Escrita Tribal

sábado, junho 11, 2005

Cegos, chatos e birrentos

Por mais que uma criança queira ser matura e ter atitudes que provem a sua maturidade, continuará a ser uma criança, da mesma forma que um pássaro que sai do ninho e efectua o seu primeiro vôo não pode ter a mesma agilidade, a mesma compreensão da aerodinâmica, dos ventos, tudo aquilo que com o viver vai aperfeiçoar o seu vôo.

A experiência, a tentativa e o erro, e a noção de que por mais que se pense que se saiba, haverá sempre mais a aprender, é a prova de que todos somos crianças, mesmo que tenhamos diferentes níveis de maturação numa ou noutra área.

A negação da nossa inexperiência, ou indignação quando alguém a afirma, é apenas evidência da nossa real infantilidade, reacção comparável ás birras de quem tem sono e quer à força ficar acordado. Mas as birras não enganam ninguém além do birrento, que não quer admitir a sua falta de maturidade.

A birra pode ser irritante, incómoda, incompreensível até, para quem tem de a suportar, porém, a mais absoluta cegueira acerca da birra está com o birrento, que esperneia, chateia, incomoda-se a si e aos outros, até conseguir cansar os outros ou e a si mesmo o suficiente para cair ou desistir.

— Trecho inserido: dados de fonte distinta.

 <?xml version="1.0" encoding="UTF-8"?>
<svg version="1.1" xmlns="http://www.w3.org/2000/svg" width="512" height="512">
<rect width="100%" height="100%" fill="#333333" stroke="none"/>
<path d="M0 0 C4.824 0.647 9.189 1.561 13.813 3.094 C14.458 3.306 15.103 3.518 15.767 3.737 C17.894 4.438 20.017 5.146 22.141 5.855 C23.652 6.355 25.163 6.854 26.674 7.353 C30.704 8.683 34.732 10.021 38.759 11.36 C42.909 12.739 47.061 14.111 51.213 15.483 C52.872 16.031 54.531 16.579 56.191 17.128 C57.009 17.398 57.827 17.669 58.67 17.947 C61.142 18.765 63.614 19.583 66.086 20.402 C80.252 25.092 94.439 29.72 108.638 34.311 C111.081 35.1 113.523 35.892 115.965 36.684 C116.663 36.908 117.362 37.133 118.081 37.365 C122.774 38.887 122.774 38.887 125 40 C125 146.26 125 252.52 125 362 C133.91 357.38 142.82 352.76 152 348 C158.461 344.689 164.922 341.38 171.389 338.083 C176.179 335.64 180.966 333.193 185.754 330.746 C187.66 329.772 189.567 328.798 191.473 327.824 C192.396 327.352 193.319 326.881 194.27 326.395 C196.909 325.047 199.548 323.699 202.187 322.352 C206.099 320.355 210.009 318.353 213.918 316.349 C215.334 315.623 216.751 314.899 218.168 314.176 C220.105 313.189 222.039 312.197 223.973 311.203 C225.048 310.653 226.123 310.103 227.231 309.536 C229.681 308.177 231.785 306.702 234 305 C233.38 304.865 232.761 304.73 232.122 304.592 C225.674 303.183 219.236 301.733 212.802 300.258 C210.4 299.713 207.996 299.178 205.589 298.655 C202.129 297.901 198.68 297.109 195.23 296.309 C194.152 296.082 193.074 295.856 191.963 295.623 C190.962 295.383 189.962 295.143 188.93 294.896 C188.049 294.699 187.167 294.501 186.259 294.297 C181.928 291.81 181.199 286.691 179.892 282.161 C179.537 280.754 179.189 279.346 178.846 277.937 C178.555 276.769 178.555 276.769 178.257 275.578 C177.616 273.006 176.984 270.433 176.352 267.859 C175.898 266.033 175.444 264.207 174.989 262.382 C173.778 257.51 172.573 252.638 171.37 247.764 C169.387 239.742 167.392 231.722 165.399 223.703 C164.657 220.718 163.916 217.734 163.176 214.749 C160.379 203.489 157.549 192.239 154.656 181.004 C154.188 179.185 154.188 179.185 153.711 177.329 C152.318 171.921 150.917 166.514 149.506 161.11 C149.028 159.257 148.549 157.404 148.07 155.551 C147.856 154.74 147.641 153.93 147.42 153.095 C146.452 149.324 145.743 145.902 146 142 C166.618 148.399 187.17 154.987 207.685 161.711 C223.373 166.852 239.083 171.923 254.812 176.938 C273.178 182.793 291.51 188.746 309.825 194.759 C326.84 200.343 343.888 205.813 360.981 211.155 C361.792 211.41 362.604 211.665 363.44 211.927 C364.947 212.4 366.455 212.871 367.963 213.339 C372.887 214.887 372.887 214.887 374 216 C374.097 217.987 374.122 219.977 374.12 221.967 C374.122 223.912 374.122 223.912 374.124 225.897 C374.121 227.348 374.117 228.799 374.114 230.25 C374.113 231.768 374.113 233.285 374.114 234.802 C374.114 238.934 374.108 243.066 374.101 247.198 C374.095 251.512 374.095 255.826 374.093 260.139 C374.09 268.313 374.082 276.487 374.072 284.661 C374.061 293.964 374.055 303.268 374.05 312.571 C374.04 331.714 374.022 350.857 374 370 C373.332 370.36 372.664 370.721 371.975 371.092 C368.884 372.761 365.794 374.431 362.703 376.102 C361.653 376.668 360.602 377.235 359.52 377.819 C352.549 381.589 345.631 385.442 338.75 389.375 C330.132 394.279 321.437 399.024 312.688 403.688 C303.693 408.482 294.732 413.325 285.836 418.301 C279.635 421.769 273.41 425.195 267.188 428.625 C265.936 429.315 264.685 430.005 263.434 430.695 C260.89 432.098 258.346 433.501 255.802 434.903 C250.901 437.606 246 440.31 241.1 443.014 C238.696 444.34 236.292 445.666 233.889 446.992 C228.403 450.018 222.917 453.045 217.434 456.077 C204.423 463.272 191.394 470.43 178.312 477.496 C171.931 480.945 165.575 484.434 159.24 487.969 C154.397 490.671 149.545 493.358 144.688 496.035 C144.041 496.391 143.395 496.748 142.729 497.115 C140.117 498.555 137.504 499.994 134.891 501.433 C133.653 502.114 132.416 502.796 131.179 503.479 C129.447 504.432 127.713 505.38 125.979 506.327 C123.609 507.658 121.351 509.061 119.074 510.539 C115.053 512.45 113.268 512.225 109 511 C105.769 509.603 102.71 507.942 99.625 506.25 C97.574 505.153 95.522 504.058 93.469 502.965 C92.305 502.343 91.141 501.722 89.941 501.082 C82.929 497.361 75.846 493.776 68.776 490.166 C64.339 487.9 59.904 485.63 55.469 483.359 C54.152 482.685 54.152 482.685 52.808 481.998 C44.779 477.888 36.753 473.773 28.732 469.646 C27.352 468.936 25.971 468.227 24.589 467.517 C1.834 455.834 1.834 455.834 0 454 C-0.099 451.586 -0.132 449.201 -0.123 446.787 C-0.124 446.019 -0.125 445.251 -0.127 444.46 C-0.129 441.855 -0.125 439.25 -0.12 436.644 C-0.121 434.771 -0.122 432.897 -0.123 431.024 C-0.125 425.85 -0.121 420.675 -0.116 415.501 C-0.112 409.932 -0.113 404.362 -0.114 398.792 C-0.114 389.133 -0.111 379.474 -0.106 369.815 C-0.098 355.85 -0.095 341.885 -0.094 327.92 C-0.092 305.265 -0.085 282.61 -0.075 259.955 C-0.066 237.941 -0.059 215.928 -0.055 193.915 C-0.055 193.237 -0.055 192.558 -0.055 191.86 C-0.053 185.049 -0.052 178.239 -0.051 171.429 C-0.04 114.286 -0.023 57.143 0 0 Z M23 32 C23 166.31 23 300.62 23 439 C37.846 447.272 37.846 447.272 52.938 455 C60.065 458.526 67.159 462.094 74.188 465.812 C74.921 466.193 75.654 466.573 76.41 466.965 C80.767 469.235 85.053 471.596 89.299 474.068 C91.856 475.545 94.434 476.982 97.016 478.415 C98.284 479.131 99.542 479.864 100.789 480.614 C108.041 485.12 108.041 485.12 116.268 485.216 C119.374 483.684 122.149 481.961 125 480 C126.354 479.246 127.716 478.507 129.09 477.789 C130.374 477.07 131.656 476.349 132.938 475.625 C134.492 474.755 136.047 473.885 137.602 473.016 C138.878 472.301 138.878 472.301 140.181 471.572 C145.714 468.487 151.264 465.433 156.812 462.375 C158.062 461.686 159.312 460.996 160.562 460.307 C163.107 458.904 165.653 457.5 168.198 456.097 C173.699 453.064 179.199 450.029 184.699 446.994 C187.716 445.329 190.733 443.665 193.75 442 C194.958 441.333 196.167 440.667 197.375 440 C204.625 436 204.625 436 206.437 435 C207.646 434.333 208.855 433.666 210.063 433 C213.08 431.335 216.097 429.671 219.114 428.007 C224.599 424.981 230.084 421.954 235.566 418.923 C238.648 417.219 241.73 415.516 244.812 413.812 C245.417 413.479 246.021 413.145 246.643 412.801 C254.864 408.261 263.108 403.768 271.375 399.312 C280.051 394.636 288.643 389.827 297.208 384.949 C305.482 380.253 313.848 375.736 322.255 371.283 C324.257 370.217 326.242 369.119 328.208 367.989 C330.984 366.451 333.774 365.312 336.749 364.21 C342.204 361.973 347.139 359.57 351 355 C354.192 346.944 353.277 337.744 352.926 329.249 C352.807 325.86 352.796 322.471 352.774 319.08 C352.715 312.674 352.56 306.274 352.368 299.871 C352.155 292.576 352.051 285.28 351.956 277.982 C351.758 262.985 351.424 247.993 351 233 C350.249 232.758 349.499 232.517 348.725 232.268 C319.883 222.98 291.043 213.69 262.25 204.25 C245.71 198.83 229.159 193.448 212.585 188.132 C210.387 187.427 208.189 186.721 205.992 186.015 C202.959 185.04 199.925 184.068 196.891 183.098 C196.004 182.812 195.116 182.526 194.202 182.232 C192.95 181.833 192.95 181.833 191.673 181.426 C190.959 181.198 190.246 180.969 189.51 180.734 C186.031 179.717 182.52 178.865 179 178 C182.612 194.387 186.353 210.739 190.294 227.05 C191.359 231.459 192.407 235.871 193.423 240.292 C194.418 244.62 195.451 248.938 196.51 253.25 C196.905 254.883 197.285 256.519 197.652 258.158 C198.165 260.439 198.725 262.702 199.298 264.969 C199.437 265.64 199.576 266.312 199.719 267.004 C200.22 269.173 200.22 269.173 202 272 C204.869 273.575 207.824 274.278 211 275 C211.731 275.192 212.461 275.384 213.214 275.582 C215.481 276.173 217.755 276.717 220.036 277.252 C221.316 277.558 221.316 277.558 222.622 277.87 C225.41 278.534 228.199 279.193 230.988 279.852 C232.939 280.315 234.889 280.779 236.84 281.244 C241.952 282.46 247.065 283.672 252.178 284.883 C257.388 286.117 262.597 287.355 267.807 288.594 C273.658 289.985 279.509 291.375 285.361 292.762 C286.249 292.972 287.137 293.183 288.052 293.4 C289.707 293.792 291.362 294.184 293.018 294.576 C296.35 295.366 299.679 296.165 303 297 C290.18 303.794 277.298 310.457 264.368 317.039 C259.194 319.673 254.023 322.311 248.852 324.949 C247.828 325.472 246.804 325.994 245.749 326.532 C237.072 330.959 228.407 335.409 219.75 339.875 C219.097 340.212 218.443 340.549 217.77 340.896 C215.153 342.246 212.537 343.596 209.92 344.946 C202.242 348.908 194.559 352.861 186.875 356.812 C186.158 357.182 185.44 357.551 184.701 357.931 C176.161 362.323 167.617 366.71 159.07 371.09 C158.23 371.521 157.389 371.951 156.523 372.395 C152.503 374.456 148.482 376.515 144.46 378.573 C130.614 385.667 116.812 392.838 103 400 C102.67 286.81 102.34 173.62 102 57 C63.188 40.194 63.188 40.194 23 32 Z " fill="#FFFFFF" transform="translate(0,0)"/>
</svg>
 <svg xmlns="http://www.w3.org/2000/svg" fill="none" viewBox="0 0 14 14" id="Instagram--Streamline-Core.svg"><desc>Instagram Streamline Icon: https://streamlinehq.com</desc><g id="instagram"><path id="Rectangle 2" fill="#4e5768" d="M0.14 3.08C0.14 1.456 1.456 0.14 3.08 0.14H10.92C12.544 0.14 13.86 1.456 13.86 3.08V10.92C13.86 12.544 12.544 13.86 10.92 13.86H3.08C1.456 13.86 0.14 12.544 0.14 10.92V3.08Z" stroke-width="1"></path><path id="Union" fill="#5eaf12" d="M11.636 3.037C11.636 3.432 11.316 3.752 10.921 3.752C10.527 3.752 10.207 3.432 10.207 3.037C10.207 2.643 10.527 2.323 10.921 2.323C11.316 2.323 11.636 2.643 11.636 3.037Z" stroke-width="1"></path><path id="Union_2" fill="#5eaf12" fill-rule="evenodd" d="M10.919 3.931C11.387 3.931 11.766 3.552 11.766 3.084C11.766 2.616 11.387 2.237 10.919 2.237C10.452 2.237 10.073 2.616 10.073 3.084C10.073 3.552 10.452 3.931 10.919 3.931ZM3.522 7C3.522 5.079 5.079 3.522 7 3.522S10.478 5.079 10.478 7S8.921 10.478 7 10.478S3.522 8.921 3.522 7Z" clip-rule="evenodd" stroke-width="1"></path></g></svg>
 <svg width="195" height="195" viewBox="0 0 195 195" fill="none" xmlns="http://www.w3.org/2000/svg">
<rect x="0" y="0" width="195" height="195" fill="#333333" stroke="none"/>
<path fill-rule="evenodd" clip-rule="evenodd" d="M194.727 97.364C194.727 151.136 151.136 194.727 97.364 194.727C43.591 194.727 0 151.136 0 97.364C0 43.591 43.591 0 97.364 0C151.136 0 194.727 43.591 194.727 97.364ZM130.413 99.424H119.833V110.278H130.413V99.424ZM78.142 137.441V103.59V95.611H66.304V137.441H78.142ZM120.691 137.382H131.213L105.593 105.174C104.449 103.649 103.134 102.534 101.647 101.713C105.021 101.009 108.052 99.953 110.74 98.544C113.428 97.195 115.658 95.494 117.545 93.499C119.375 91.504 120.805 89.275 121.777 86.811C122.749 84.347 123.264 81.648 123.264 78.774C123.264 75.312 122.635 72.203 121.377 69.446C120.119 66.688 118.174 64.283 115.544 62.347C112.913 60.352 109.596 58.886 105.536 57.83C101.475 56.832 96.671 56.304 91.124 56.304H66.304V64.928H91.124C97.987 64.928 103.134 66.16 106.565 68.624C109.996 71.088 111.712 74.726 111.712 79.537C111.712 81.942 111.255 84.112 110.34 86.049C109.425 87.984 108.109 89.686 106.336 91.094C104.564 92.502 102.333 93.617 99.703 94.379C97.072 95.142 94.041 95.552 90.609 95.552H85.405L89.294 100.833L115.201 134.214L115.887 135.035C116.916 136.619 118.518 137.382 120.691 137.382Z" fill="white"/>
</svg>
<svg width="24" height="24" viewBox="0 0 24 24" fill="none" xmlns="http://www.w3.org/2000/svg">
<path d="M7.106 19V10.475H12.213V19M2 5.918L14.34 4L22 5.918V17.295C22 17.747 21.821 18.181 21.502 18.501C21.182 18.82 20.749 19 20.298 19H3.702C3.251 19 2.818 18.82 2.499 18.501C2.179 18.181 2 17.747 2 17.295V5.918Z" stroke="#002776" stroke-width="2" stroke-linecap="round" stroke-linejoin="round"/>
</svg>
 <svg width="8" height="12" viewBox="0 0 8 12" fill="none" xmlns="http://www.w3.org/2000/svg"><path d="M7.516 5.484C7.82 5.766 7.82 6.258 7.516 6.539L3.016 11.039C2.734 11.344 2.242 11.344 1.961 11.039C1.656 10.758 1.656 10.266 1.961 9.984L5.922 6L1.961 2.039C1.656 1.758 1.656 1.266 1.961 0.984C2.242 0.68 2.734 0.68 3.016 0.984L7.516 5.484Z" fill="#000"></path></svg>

Ter medo de sair do ninho, voar desajeitadamente e revelar a nossa imaturidade é sinal de maior cegueira e irracionalidade ainda, porque sem exercício as asas atrofiam, sem movimento os membros não se desenvolvem, sem pensar a mente não percebe... sem realmente analisar, o olhar é como um risco acidental numa folha de papel - acontece sem propósito definido, não resultanto numa conclusão em especial. Torna-se um risco sem razão, um desperdício de tinta, um desperdício de energia, de tempo, de vida.

Será que há algo mais ridículo que ter os instrumentos para alcançar a compreensão da vida, e ficar sentado a chorar a incompreensão que deriva da falta de uso que nos damos a nós mesmos? Bem, mais ridículo, só talvez viver de forma a degradar as nossas capacidades de compreensão e esperar perceber alguma coisa...

Enquanto vivemos para o Futuro, a Vida do Presente vai-nos passando pelos dedos como areia fina, e enquanto isso o Passado vai-nos perseguindo com todas as suas marcas e lágrimas, até nos lançar à morte e fazer de nós sombras e memórias. Quem não vive a vida mas vive o medo de sofrer e morrer, sofre e morre à espera da vida. E quem deixa a felicidade para amanhã já começa mal... já está a desperdiçar o dia de hoje.